Eero Aarne Pekka Tarasti (born 27 September 1948 in Helsinki), is a Finnish musicologist and semiologist, currently serving as Professor Emeritus of Musicology at the University of Helsinki.

He received his Ph.D. degree at the University of Helsinki in 1978, writing his dissertation Myth and Music on Richard Wagner, Jean Sibelius, and Igor Stravinsky. Then, Tarasti served at the University of Jyväskylä between 1979–1984, where he was appointed Professor of Arts Education in 1979 and Professor of Musicology in 1983. In 1984 he took the position of Professor of Musicology in Helsinki, succeeding Erik Tawaststjerna. Tarasti has held posts as Director or President in several semiotic and musical societies and since the 1970s has written and edited numerous books encompassing a semiotic approach to music. He has been the President of the International Association for Semiotic Studies (2004–2014), and the Director of the International Semiotics Institute.

Eero Tarasti is married to Eila Marita Elisabet Tarasti, pianist and musicologist

Education

Finland
Eero Tarasti went to school at Helsinki Normal Lyceum, the classical line, where he became baccalaureat in 1967 (with six laudaturs): Then he studied at the University of Helsinki 1967–1975, first theoretical philosophy, then sociology and aesthetics and, at the end, musicology.
He got his Ph.D. at the University of Helsinki 1978 with the thesis entitled Myth and Music (published in 1979 by Mouton de Gruyter, Berlin). At the same time he enrolled at
music studies (piano) at the Sibelius Academy, Helsinki 1967–1975. Among his piano teachers were Liisa Pohjola, Timo Mikkilä and Tapani Valsta. Earlier he had studied privately piano with Kaisa Arjava.

Studies abroad
He pursued music studies in Vienna 1972 with Noel Flores and then in Paris 1973 with Jules Gentil (École Normale de Musique), with Jacques Février 1974-75: he continued his music studies in Rio de Janeiro with Heitor Alimonda (1976) and then in the US with Walter Robert and Joseph Rezits in Bloomington (1987); in Helsinki he followed pianopedagogical course by professor Gunnar Hallhagen, and private course by Jan Hoffmann.
He got the grant of French Government for doctoral studies in Paris, in 1974-75 (Ecole des Hautes Etudes en Sciences Sociales, professor A.J. Greimas as his supervisor); he also followed teaching at Collège de France, and met a.o. Claude Lévi-Strauss and Roland Barthes. In Rio de Janeiro 1976 (Universidade Federal) he pursued anthropological studies as an awardee of Rotary International.

Career
His first chair was at Arts Education, University of Jyväskylä (Middle Finland) 1979–83; then he served there one year as professor of Musicology, 1983–84 and was nominated as Professor of Musicology at the University of Helsinki, 1984–2016. He continues there his teaching as an emeritus professor.

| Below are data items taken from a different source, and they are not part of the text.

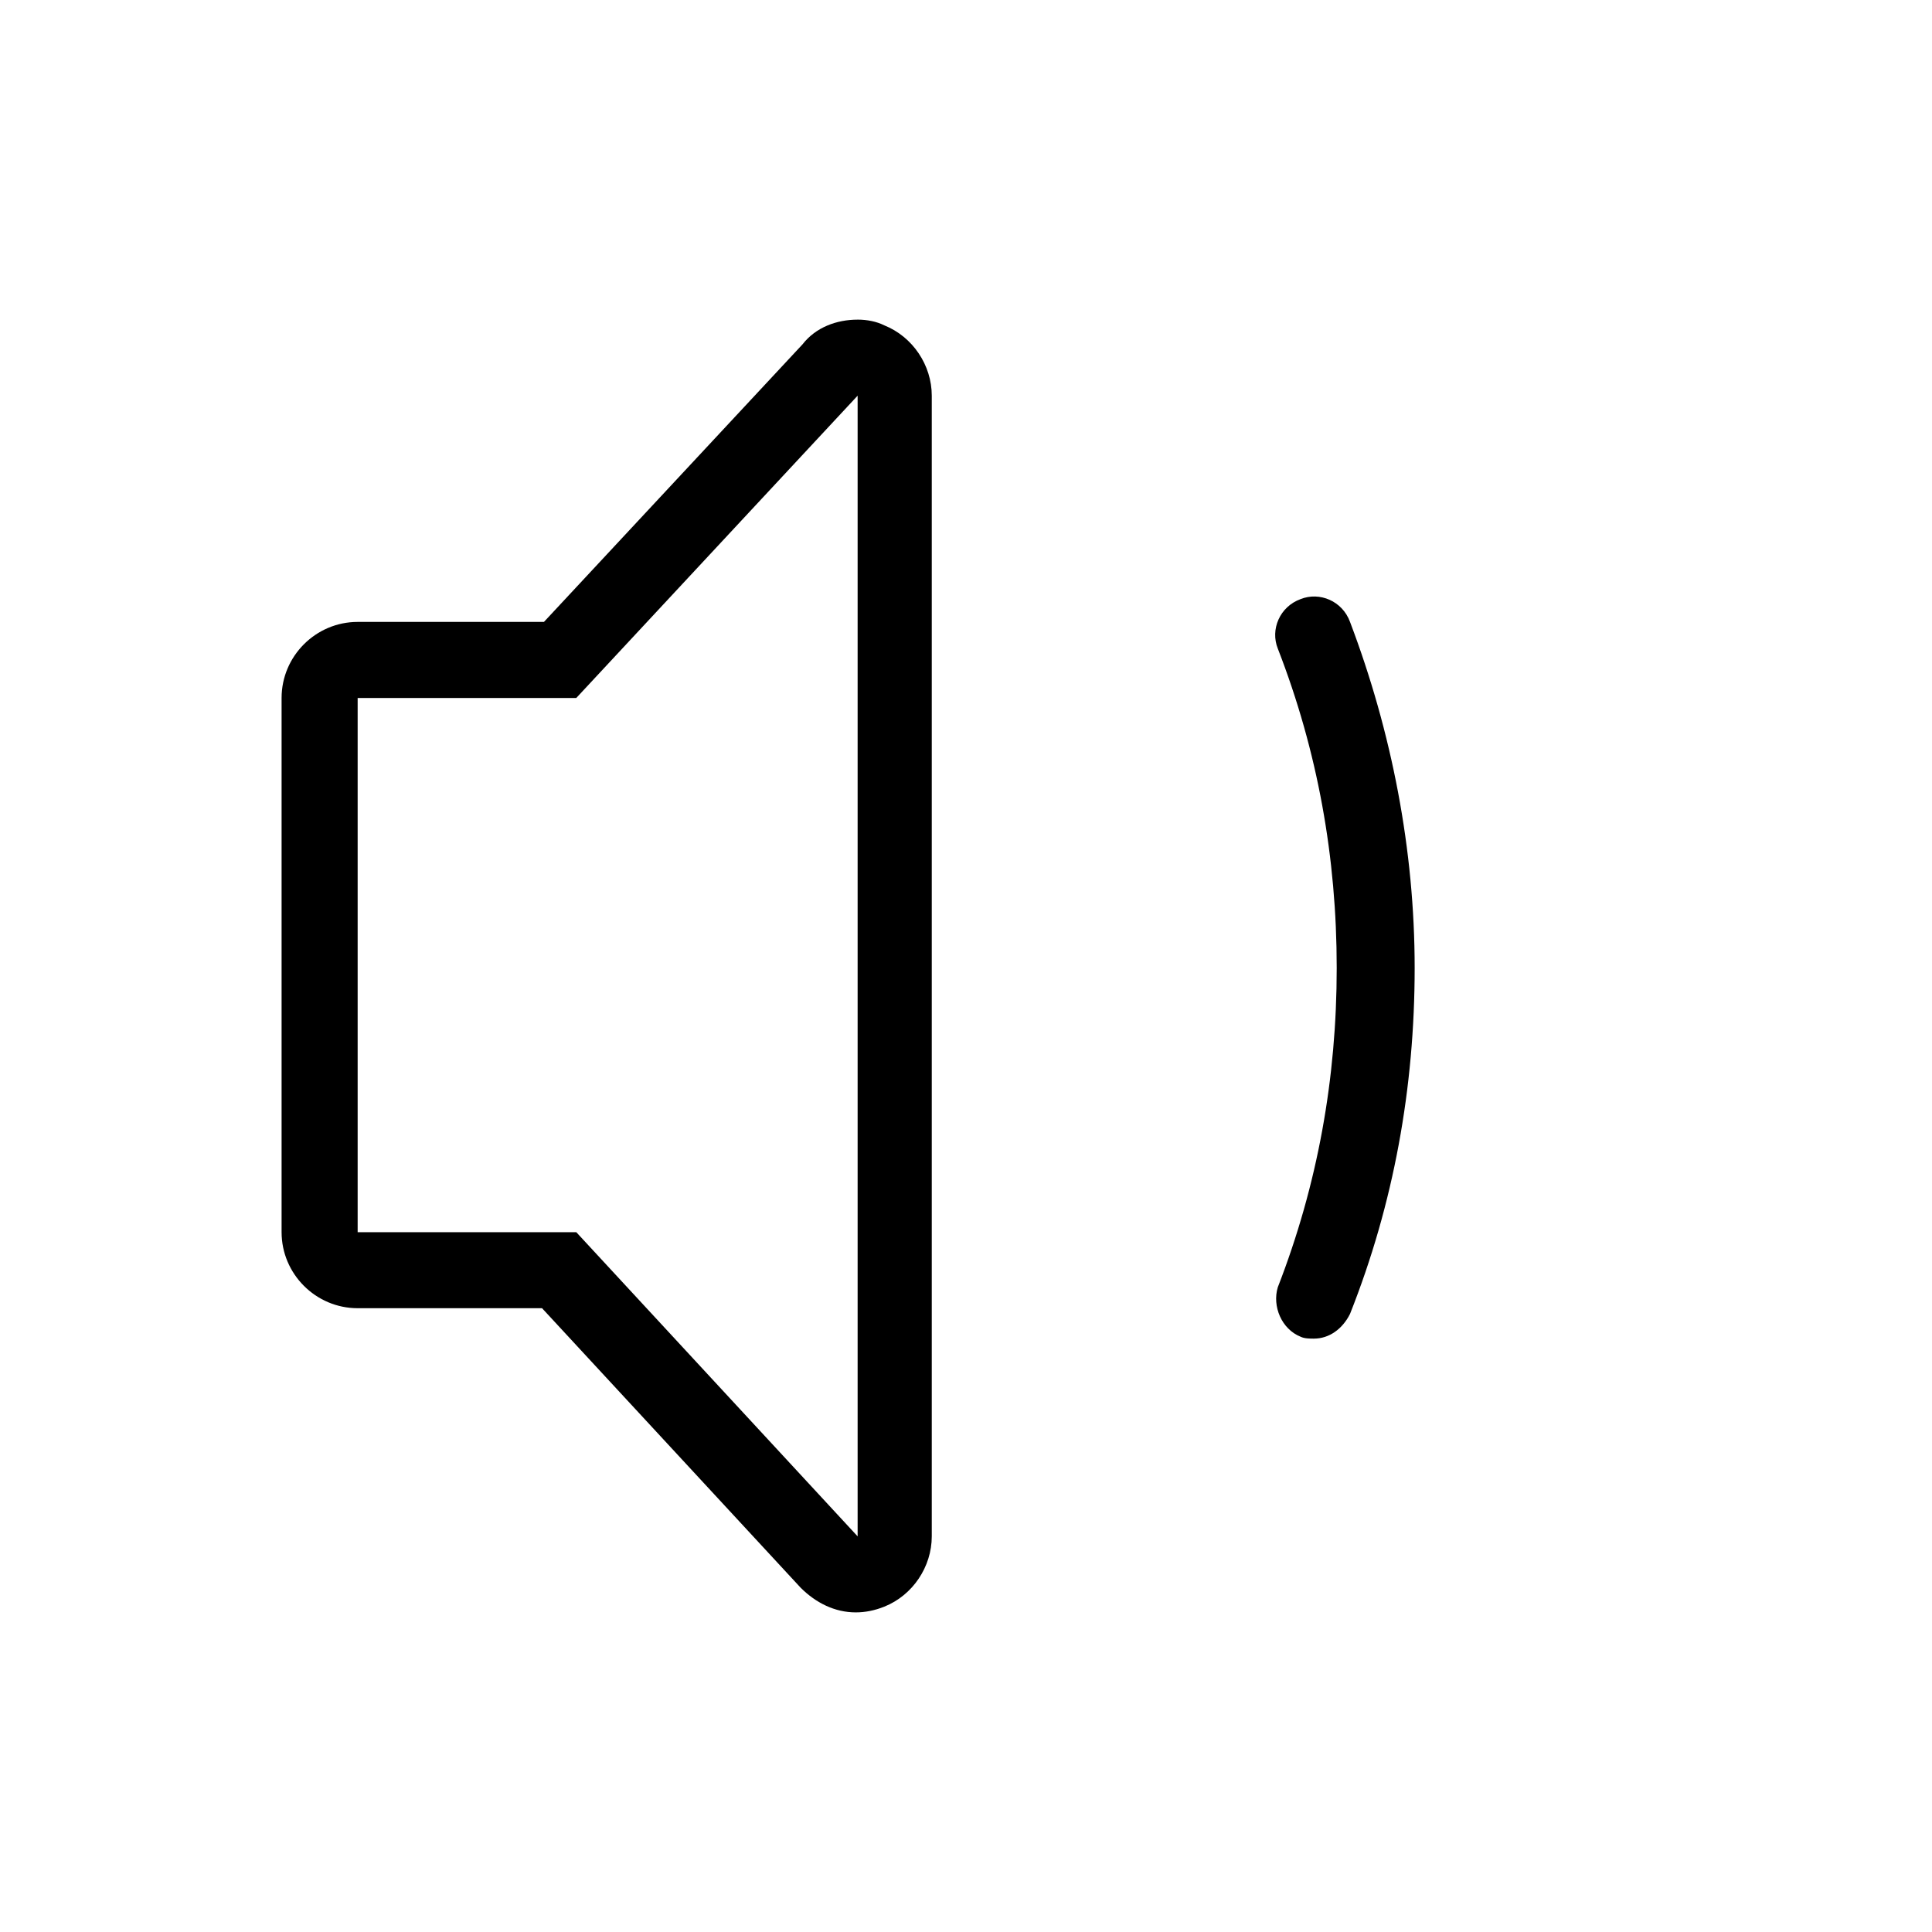 <?xml version="1.0" encoding="UTF-8"?>
<!-- Uploaded to: SVG Repo, www.svgrepo.com, Generator: SVG Repo Mixer Tools -->
<svg fill="#000000" width="800px" height="800px" version="1.1" viewBox="144 144 512 512" xmlns="http://www.w3.org/2000/svg">
 <g>
  <path d="m371.28 248.86v302.29l-74.562-80.609h-57.938v-141.57h57.938zm0-20.152c-5.543 0-11.082 2.016-14.609 6.551l-68.52 73.555h-49.375c-11.082 0-20.152 9.07-20.152 20.152v141.57c0 11.082 9.07 20.152 20.152 20.152h48.871l68.52 74.059c4.031 4.031 9.07 6.551 14.609 6.551 2.519 0 5.039-0.504 7.559-1.512 7.559-3.023 12.594-10.578 12.594-18.641v-302.29c0-8.062-5.039-15.617-12.594-18.641-2.016-1.008-4.535-1.512-7.055-1.512z"/>
  <path d="m492.2 498.75c-1.008 0-2.519 0-3.527-0.504-5.039-2.016-7.559-8.062-6.047-13.098 10.578-27.207 15.617-55.418 15.617-84.641s-5.039-57.434-15.617-84.641c-2.016-5.039 0.504-11.082 6.047-13.098 5.039-2.016 11.082 0.504 13.098 6.047 11.082 29.223 17.129 60.457 17.129 91.691 0 31.738-5.543 62.473-17.129 91.691-2.016 4.031-5.543 6.551-9.574 6.551z"/>
 </g>
</svg>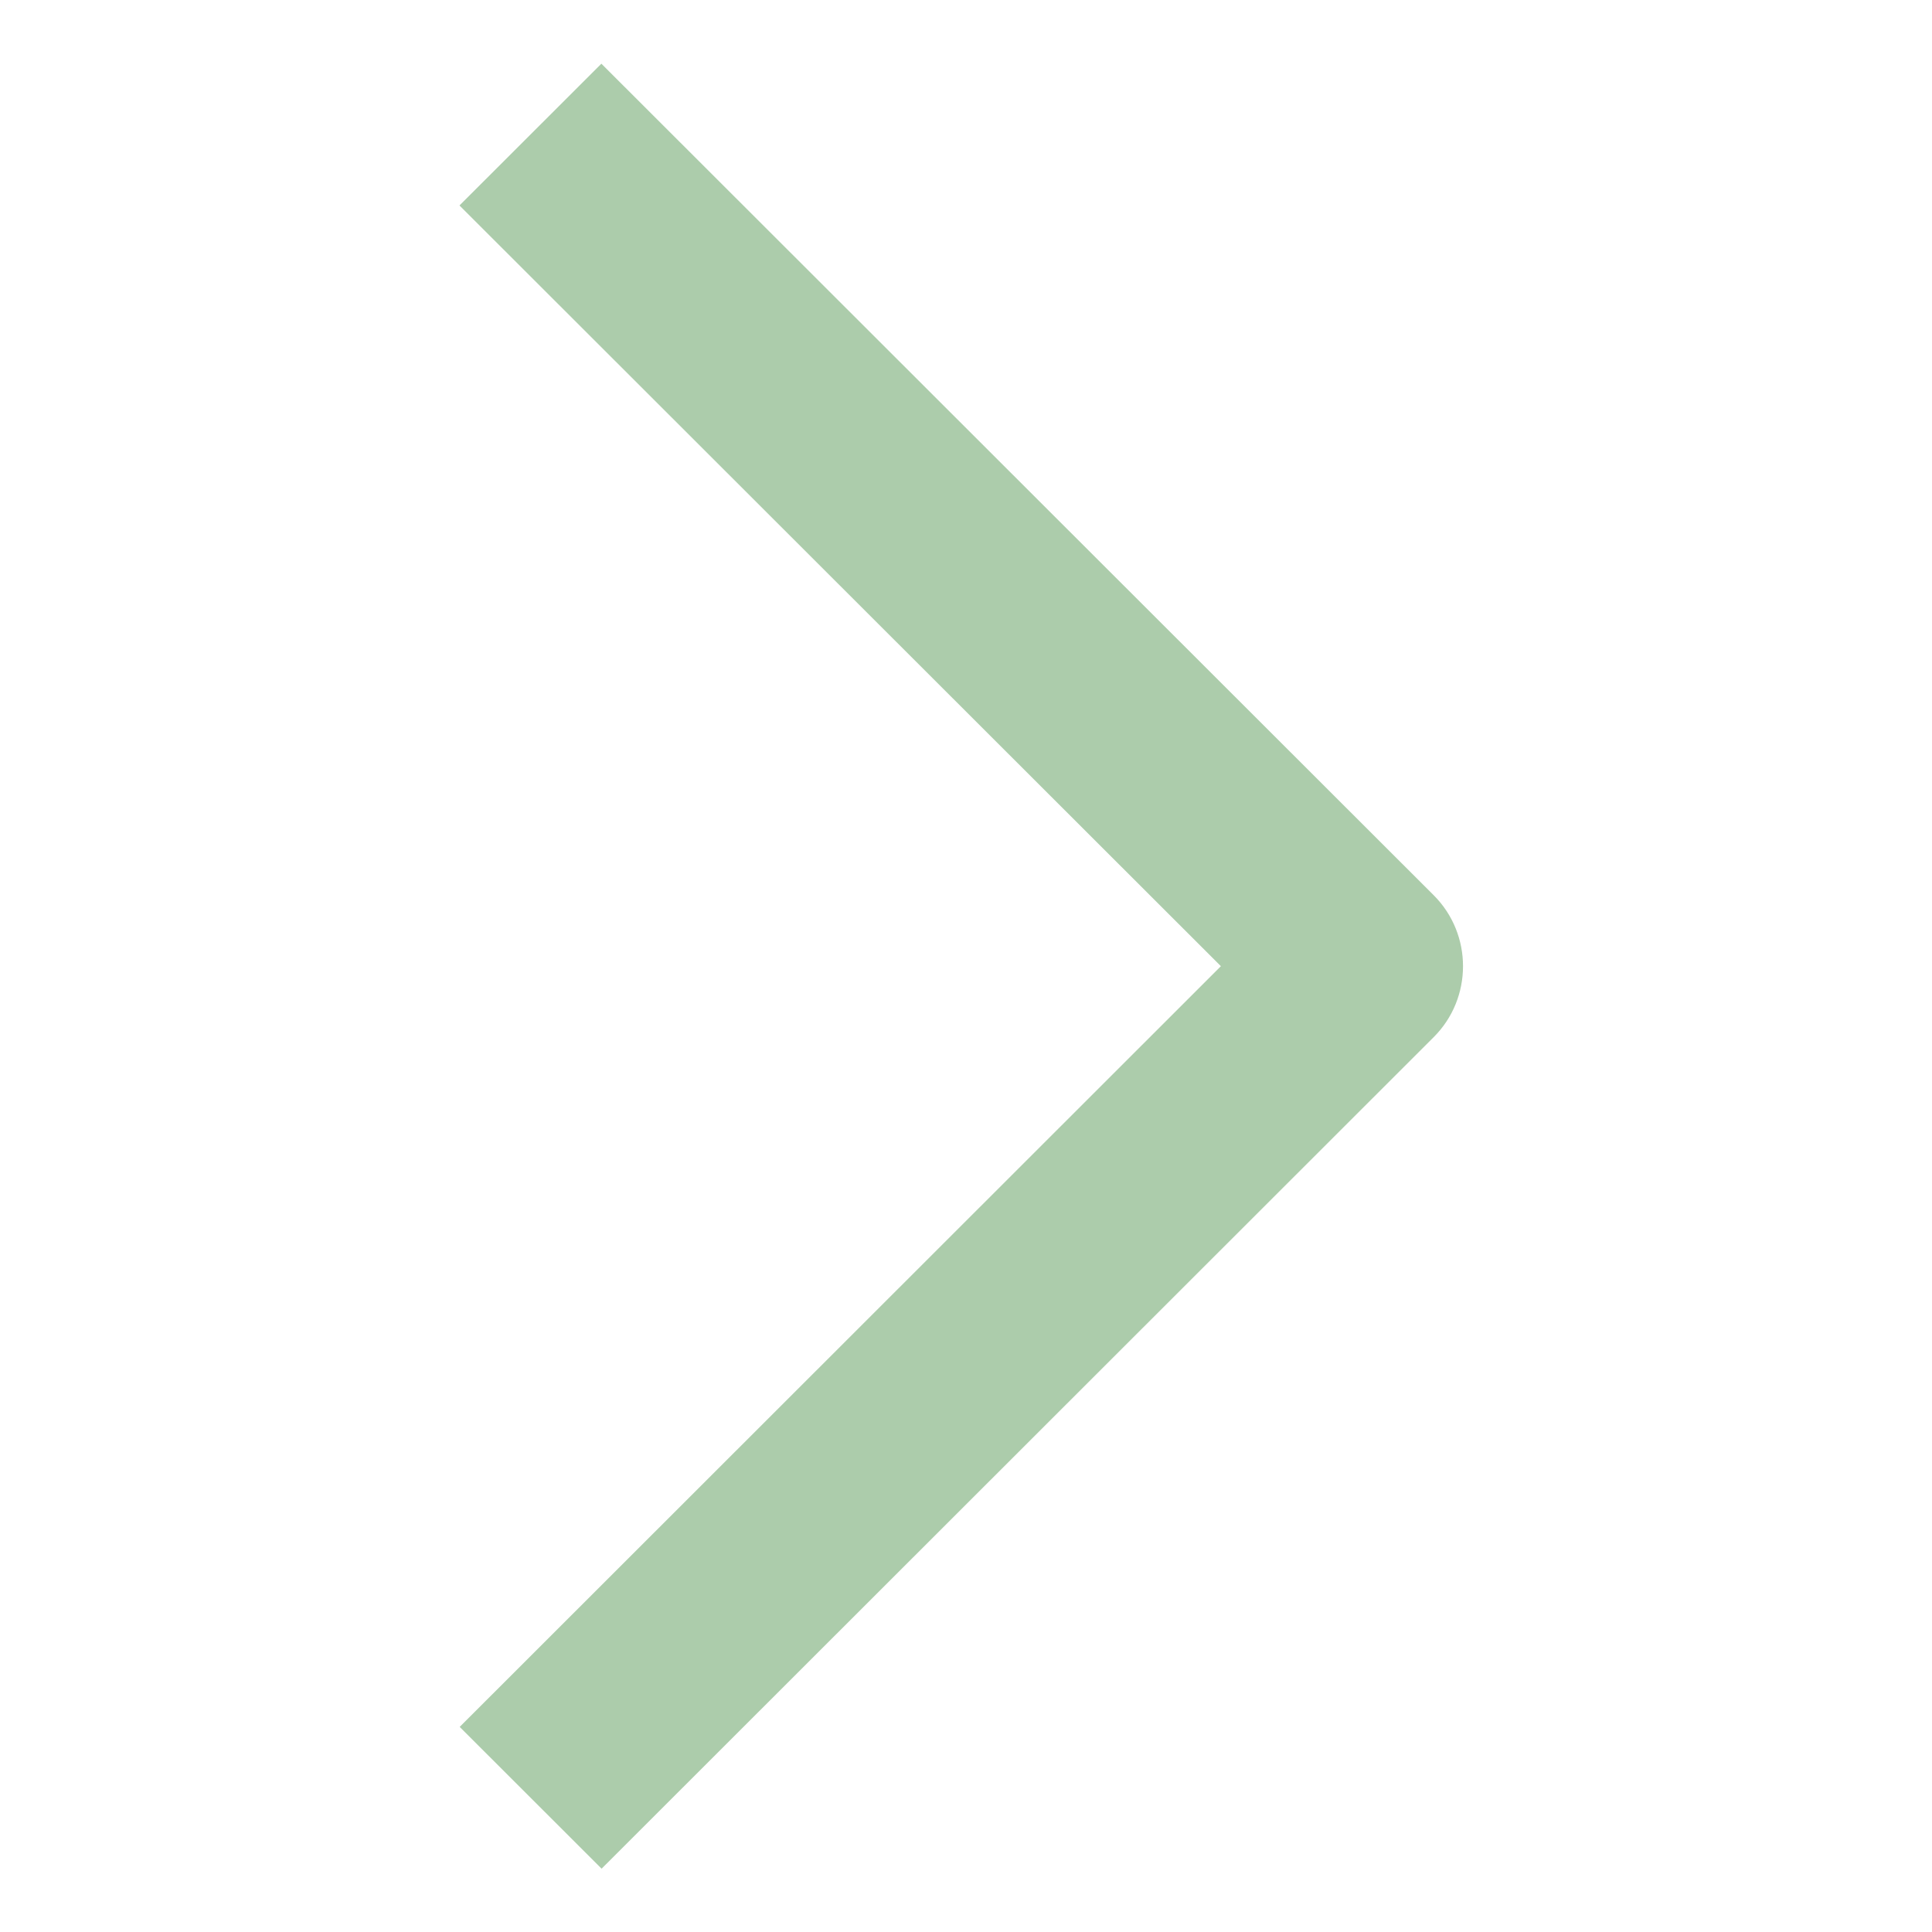 <?xml version="1.0" encoding="UTF-8"?> <svg xmlns="http://www.w3.org/2000/svg" xmlns:xlink="http://www.w3.org/1999/xlink" width="810pt" height="810pt" viewBox="0 0 810 810"> <defs> <clipPath id="clip1"> <path d="M 192 26.703 L 614 26.703 L 614 783.453 L 192 783.453 Z M 192 26.703 "></path> </clipPath> </defs> <g id="surface1"> <g clip-path="url(#clip1)" clip-rule="nonzero"> <path style=" stroke:none;fill-rule:nonzero;fill:rgb(67.45%,79.999%,67.059%);fill-opacity:1;" d="M 252.133 26.703 L 601.105 375.352 C 617.465 391.711 617.465 418.461 601.105 434.805 L 252.223 783.453 L 192.727 724.012 L 511.863 405.078 L 192.637 86.145 Z M 252.133 26.703 "></path> </g> </g> </svg>

Other Academic Activities:

He was elected President of the IASS/AIS (International Association for Semiotic Studies), for two periods in 2004–2014, and before he had already been two periods as its Vice-President in 1990–2004; moreover he has been Founder and President of the Semiotic Society of Finland, since 1979. When the International Semiotics Institute was founded in Imatra, Finland (ISI) upon initiative of Prof. Thomas A. Sebeok (Indiana University, Bloomington) he was elected its first President in 1988. He chaired it until 2013 when the institute was moved to Kaunas Technological University, Lithuania.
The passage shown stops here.